With the new multimodal AI model Gemini, Google wants to at least catch up with OpenAI's GPT-4. First tests are underway.
According to three anonymous sources from The Information, Google has given a small group of selected companies access to a stripped-down chat version of Gemini. The three sources claim to have direct knowledge of the matter. The largest version of Gemini is still being developed internally.
The first test with external customers could be an indication that the launch of Gemini is getting closer. Google had previously announced it for this year. Earlier reports said it would launch in the fall.
Gemini will be offered to businesses via cloud access and integrated into Google's consumer products. Google plans to use Gemini for all of its AI applications, from the Bard chatbot to the new AI features in Workspace.
Through the Vertex AI service, Google plans to offer different model sizes. Smaller models could perform simpler tasks at a lower cost.
Google user data could give Gemini an edge
A big advantage, according to one tester, is that Google can process data from its products, such as Google Search, in addition to public information from the Web. This could result in the model understanding user intent better than GPT-4. It could also result in fewer incorrect answers, according to the source.

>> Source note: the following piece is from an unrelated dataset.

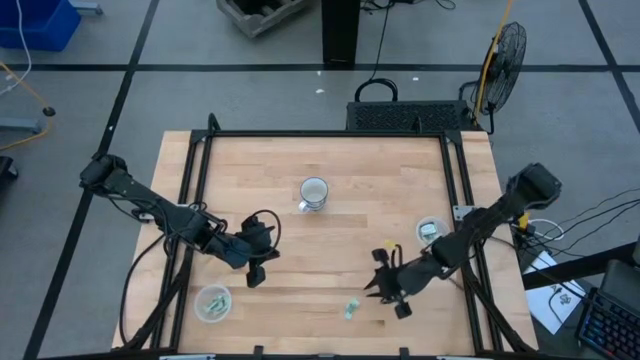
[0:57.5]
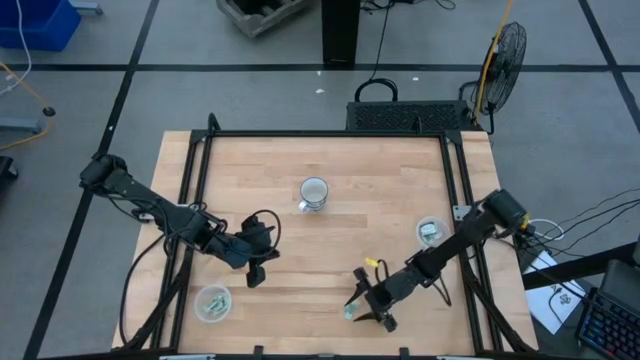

Gemini's code generation is reportedly good enough that Google hopes to compete with Microsoft's GitHub Copilot. Features such as analyzing graphs and interpreting data, as well as performing actions on the computer, such as in the browser, using voice commands, are also being discussed.
Multiple Gemini models
Gemini, according to The Information, is "a set of large language models" that can perform various tasks such as chatbots, text summarization, code, or generating new text. It is unclear whether Gemini will rely on networked expert models, as OpenAI does with its GPT-4 architecture.
Demis Hassabis, Gemini's lead manager, said in late June that Gemini will combine some strengths of the AlphaGo system with the language capabilities of large models.